» **EXERCISE BRIEF**: Write out the entries again. Match each one exactly.

─── STORED DATA

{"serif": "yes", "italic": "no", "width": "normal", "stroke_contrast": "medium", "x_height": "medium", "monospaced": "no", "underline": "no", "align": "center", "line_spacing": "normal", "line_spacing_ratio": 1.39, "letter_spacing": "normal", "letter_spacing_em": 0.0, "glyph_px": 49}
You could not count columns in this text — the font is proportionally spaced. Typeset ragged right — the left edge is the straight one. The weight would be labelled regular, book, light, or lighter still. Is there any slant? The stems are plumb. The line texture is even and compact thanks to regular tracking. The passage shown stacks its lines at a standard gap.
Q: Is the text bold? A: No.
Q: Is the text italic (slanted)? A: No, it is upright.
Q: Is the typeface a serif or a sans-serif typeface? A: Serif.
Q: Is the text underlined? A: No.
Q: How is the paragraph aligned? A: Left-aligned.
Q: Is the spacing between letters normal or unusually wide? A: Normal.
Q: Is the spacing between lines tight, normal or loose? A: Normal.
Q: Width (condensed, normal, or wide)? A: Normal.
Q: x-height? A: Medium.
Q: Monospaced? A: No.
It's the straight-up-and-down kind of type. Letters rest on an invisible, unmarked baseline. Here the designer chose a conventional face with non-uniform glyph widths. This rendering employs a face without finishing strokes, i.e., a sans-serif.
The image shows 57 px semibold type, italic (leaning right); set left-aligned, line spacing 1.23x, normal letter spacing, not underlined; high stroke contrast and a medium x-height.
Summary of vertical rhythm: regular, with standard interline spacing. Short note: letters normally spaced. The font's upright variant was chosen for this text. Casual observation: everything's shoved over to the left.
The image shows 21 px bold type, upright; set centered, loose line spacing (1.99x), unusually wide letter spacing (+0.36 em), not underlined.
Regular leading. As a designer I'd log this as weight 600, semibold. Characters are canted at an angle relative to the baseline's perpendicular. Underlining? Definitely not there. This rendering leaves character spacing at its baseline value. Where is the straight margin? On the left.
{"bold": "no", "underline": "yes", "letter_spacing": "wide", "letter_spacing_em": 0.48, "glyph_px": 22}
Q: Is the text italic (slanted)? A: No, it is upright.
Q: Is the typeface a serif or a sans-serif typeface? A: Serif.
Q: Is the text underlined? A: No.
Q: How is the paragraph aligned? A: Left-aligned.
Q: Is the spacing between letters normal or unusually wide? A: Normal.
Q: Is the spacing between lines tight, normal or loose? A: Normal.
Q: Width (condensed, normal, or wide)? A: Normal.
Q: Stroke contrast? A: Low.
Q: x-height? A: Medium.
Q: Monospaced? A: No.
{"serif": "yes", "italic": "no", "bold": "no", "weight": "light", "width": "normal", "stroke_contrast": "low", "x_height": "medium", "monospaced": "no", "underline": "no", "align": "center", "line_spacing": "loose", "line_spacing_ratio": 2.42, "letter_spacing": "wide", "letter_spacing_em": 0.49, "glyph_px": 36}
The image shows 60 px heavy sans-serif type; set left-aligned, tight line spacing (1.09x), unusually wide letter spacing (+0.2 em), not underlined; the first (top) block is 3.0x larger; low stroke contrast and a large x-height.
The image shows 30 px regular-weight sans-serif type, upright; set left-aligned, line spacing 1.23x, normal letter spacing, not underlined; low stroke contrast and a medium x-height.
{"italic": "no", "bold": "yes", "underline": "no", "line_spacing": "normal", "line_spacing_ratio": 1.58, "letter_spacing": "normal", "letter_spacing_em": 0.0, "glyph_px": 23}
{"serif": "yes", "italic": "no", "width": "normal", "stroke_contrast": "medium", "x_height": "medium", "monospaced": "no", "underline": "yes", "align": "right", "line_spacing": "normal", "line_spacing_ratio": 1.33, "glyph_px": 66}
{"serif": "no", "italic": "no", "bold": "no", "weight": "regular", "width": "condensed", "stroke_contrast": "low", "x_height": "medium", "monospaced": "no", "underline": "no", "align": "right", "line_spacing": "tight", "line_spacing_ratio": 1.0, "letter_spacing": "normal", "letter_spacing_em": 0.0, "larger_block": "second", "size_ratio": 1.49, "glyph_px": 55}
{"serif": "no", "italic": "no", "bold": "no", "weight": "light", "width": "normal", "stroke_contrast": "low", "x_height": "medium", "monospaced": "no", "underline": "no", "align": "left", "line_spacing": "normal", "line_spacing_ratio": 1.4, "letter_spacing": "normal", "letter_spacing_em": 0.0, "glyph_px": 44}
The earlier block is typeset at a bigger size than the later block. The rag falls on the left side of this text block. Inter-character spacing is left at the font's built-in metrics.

──────

» **RESPONSE BOX**:
{"serif": "yes", "italic": "no", "width": "normal", "stroke_contrast": "medium", "x_height": "medium", "monospaced": "no", "underline": "no", "align": "center", "line_spacing": "normal", "line_spacing_ratio": 1.39, "letter_spacing": "normal", "letter_spacing_em": 0.0, "glyph_px": 49}
You could not count columns in this text — the font is proportionally spaced. Typeset ragged right — the left edge is the straight one. The weight would be labelled regular, book, light, or lighter still. Is there any slant? The stems are plumb. The line texture is even and compact thanks to regular tracking. The passage shown stacks its lines at a standard gap.
Q: Is the text bold? A: No.
Q: Is the text italic (slanted)? A: No, it is upright.
Q: Is the typeface a serif or a sans-serif typeface? A: Serif.
Q: Is the text underlined? A: No.
Q: How is the paragraph aligned? A: Left-aligned.
Q: Is the spacing between letters normal or unusually wide? A: Normal.
Q: Is the spacing between lines tight, normal or loose? A: Normal.
Q: Width (condensed, normal, or wide)? A: Normal.
Q: x-height? A: Medium.
Q: Monospaced? A: No.
It's the straight-up-and-down kind of type. Letters rest on an invisible, unmarked baseline. Here the designer chose a conventional face with non-uniform glyph widths. This rendering employs a face without finishing strokes, i.e., a sans-serif.
The image shows 57 px semibold type, italic (leaning right); set left-aligned, line spacing 1.23x, normal letter spacing, not underlined; high stroke contrast and a medium x-height.
Summary of vertical rhythm: regular, with standard interline spacing. Short note: letters normally spaced. The font's upright variant was chosen for this text. Casual observation: everything's shoved over to the left.
The image shows 21 px bold type, upright; set centered, loose line spacing (1.99x), unusually wide letter spacing (+0.36 em), not underlined.
Regular leading. As a designer I'd log this as weight 600, semibold. Characters are canted at an angle relative to the baseline's perpendicular. Underlining? Definitely not there. This rendering leaves character spacing at its baseline value. Where is the straight margin? On the left.
{"bold": "no", "underline": "yes", "letter_spacing": "wide", "letter_spacing_em": 0.48, "glyph_px": 22}
Q: Is the text italic (slanted)? A: No, it is upright.
Q: Is the typeface a serif or a sans-serif typeface? A: Serif.
Q: Is the text underlined? A: No.
Q: How is the paragraph aligned? A: Left-aligned.
Q: Is the spacing between letters normal or unusually wide? A: Normal.
Q: Is the spacing between lines tight, normal or loose? A: Normal.
Q: Width (condensed, normal, or wide)? A: Normal.
Q: Stroke contrast? A: Low.
Q: x-height? A: Medium.
Q: Monospaced? A: No.
{"serif": "yes", "italic": "no", "bold": "no", "weight": "light", "width": "normal", "stroke_contrast": "low", "x_height": "medium", "monospaced": "no", "underline": "no", "align": "center", "line_spacing": "loose", "line_spacing_ratio": 2.42, "letter_spacing": "wide", "letter_spacing_em": 0.49, "glyph_px": 36}
The image shows 60 px heavy sans-serif type; set left-aligned, tight line spacing (1.09x), unusually wide letter spacing (+0.2 em), not underlined; the first (top) block is 3.0x larger; low stroke contrast and a large x-height.
The image shows 30 px regular-weight sans-serif type, upright; set left-aligned, line spacing 1.23x, normal letter spacing, not underlined; low stroke contrast and a medium x-height.
{"italic": "no", "bold": "yes", "underline": "no", "line_spacing": "normal", "line_spacing_ratio": 1.58, "letter_spacing": "normal", "letter_spacing_em": 0.0, "glyph_px": 23}
{"serif": "yes", "italic": "no", "width": "normal", "stroke_contrast": "medium", "x_height": "medium", "monospaced": "no", "underline": "yes", "align": "right", "line_spacing": "normal", "line_spacing_ratio": 1.33, "glyph_px": 66}
{"serif": "no", "italic": "no", "bold": "no", "weight": "regular", "width": "condensed", "stroke_contrast": "low", "x_height": "medium", "monospaced": "no", "underline": "no", "align": "right", "line_spacing": "tight", "line_spacing_ratio": 1.0, "letter_spacing": "normal", "letter_spacing_em": 0.0, "larger_block": "second", "size_ratio": 1.49, "glyph_px": 55}
{"serif": "no", "italic": "no", "bold": "no", "weight": "light", "width": "normal", "stroke_contrast": "low", "x_height": "medium", "monospaced": "no", "underline": "no", "align": "left", "line_spacing": "normal", "line_spacing_ratio": 1.4, "letter_spacing": "normal", "letter_spacing_em": 0.0, "glyph_px": 44}
The earlier block is typeset at a bigger size than the later block. The rag falls on the left side of this text block. Inter-character spacing is left at the font's built-in metrics.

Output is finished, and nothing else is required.